The grim job market which confronts many minority workers is
the product of numerous economic and social factors: the decline of factory
employment, the deindustrialization of inner cities, and racial discrimination,
among others. Immigration plays a very small role. According to Yale
University economist Gerald
D. Jaynes, the impact on less-educated native-born workers of competition
with immigrant workers “is swamped by a constellation of other factors (such as
declining factory jobs and other blue-collar employment).” Jaynes and a
colleague “launched a large-scale statistical analysis to measure immigration’s
effects on wages and employment of natives nationwide. To our surprise, no
matter how we approached the data, our results showed either no effects or very
modest effects for the least-educated black men.”
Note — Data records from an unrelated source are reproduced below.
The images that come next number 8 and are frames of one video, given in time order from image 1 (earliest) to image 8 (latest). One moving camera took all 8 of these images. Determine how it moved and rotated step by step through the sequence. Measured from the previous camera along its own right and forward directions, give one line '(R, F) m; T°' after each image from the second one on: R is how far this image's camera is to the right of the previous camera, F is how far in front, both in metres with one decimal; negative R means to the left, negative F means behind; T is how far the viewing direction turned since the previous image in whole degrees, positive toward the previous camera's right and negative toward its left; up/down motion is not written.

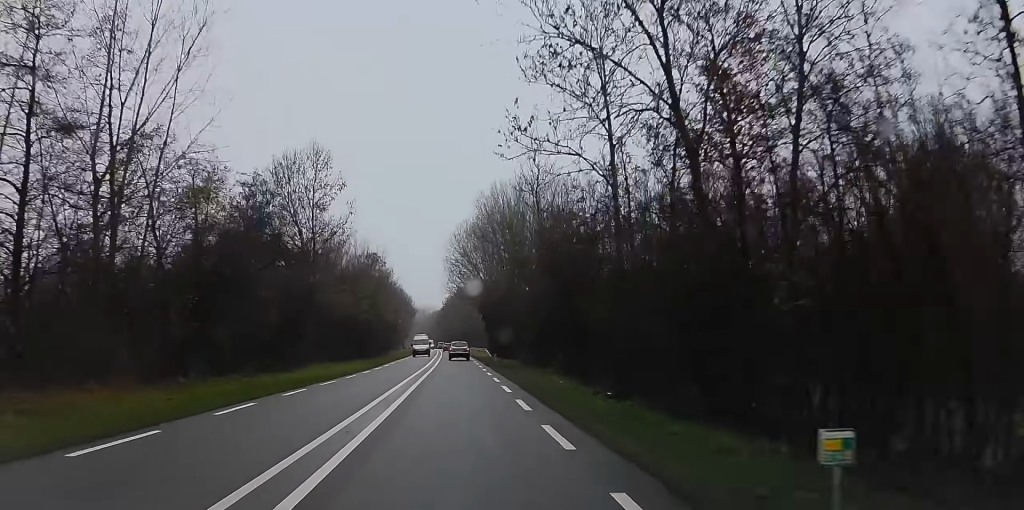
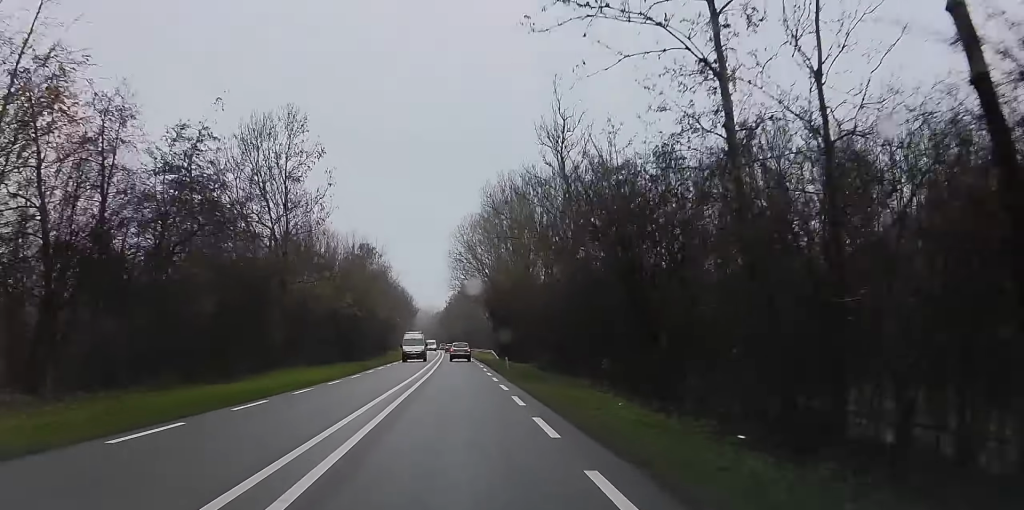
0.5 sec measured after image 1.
(+0.1, +11.6) m; 0°
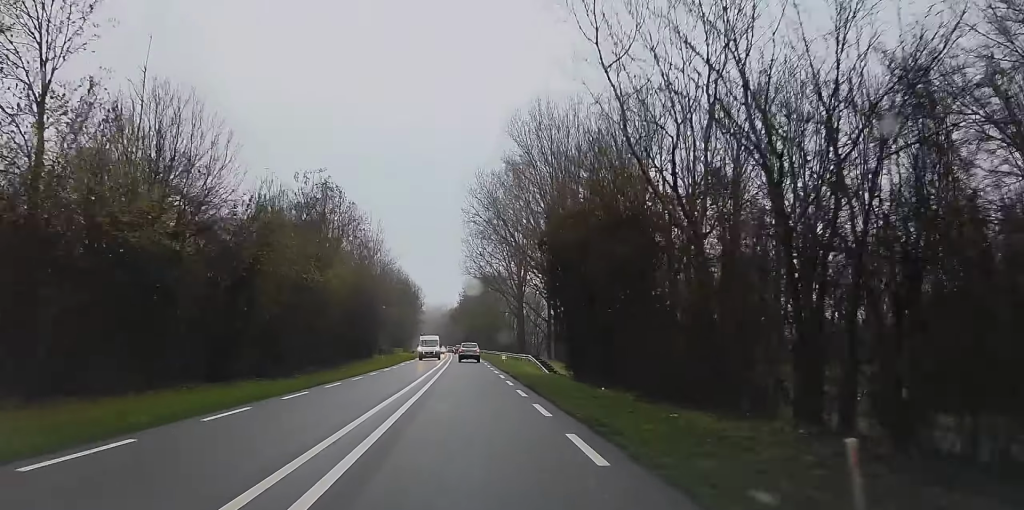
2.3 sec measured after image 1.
(-0.1, +39.6) m; -2°
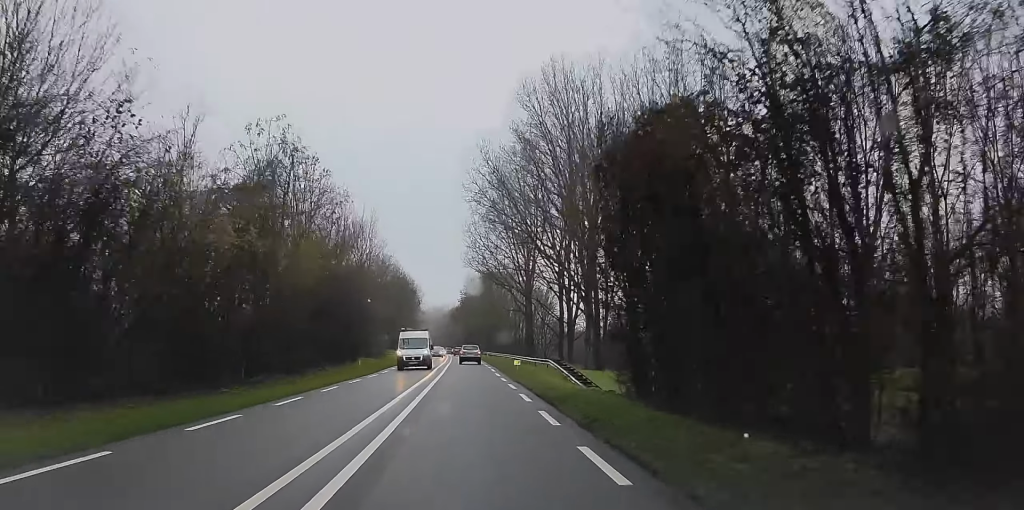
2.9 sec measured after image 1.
(-0.2, +12.8) m; -3°
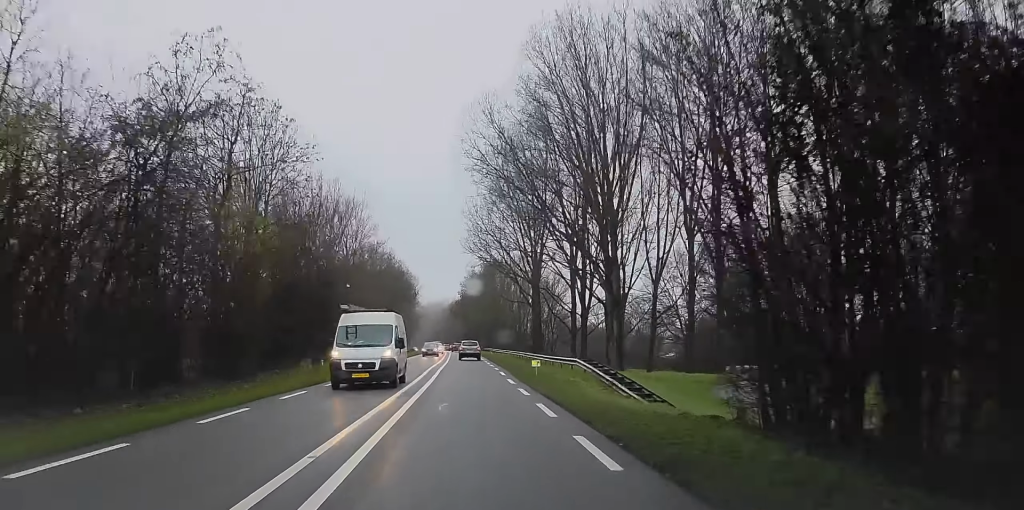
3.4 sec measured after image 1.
(-0.2, +11.0) m; -2°
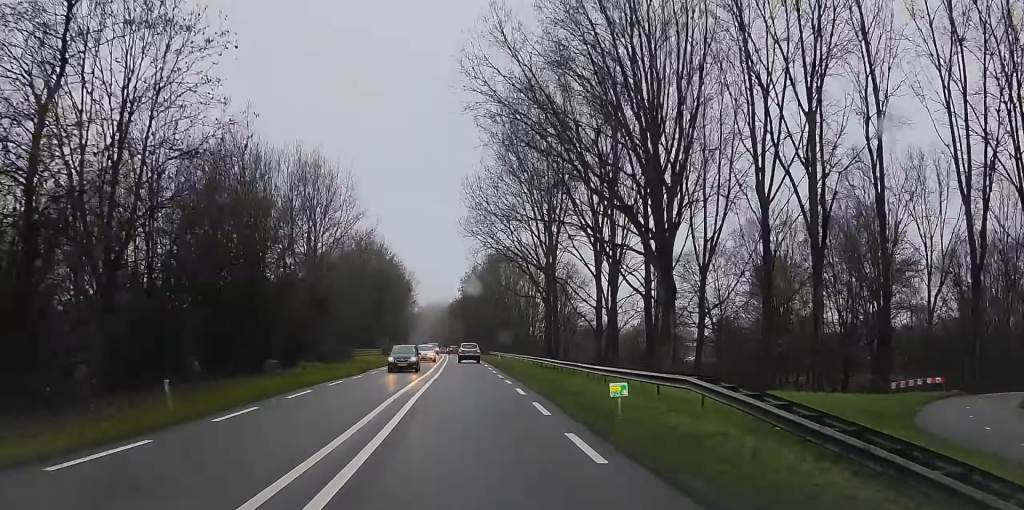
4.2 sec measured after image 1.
(-0.9, +16.8) m; -1°
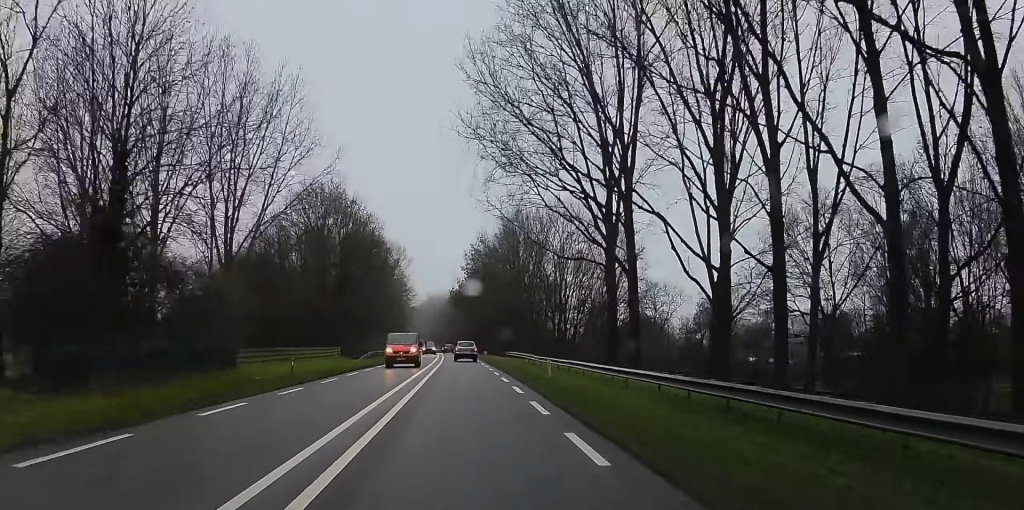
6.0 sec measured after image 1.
(+2.1, +36.4) m; +4°
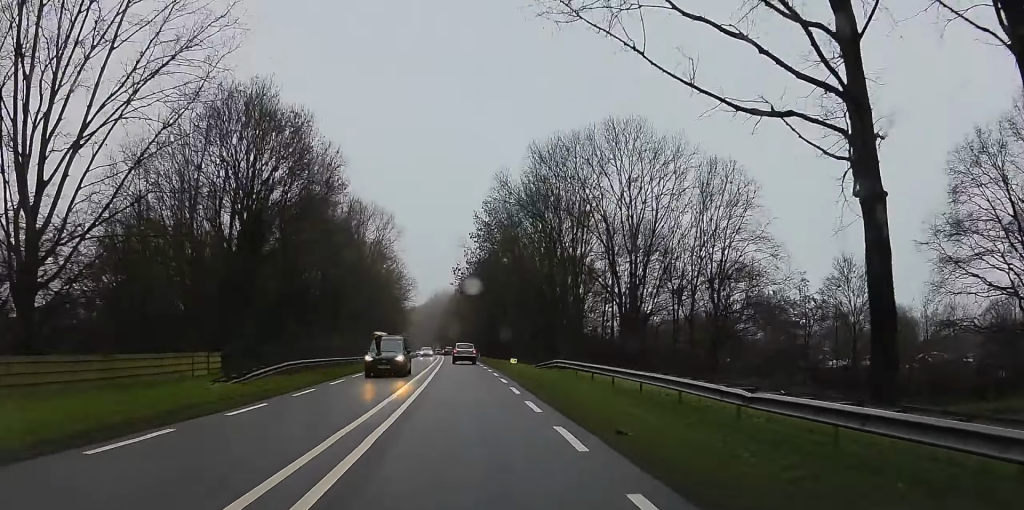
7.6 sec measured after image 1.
(-0.3, +33.9) m; -3°

Immigration restrictionists conveniently overlook the fact
that immigrants create jobs as consumers and entrepreneurs. Immigrant workers spend their
wages in U.S.
businesses—buying food, clothes, appliances, cars, etc. Businesses respond to
the presence of these new workers and consumers by investing in new
restaurants, stores, and production facilities. And immigrants are 30 percent
more likely than the native-born to start their own business. The end result is
more jobs for more workers. Economist Giovanni
Peri of the University of California, Davis, concludes that
“immigrants expand the U.S. economy’s productive capacity, stimulate
investment, and promote specialization that in the long run boosts
productivity,” and “there is no evidence that these effects take place at the
expense of jobs for workers born in the United States.”
Critics of the Senate bill who raise the specter of mass
unemployment need to learn how labor-force dynamics really work.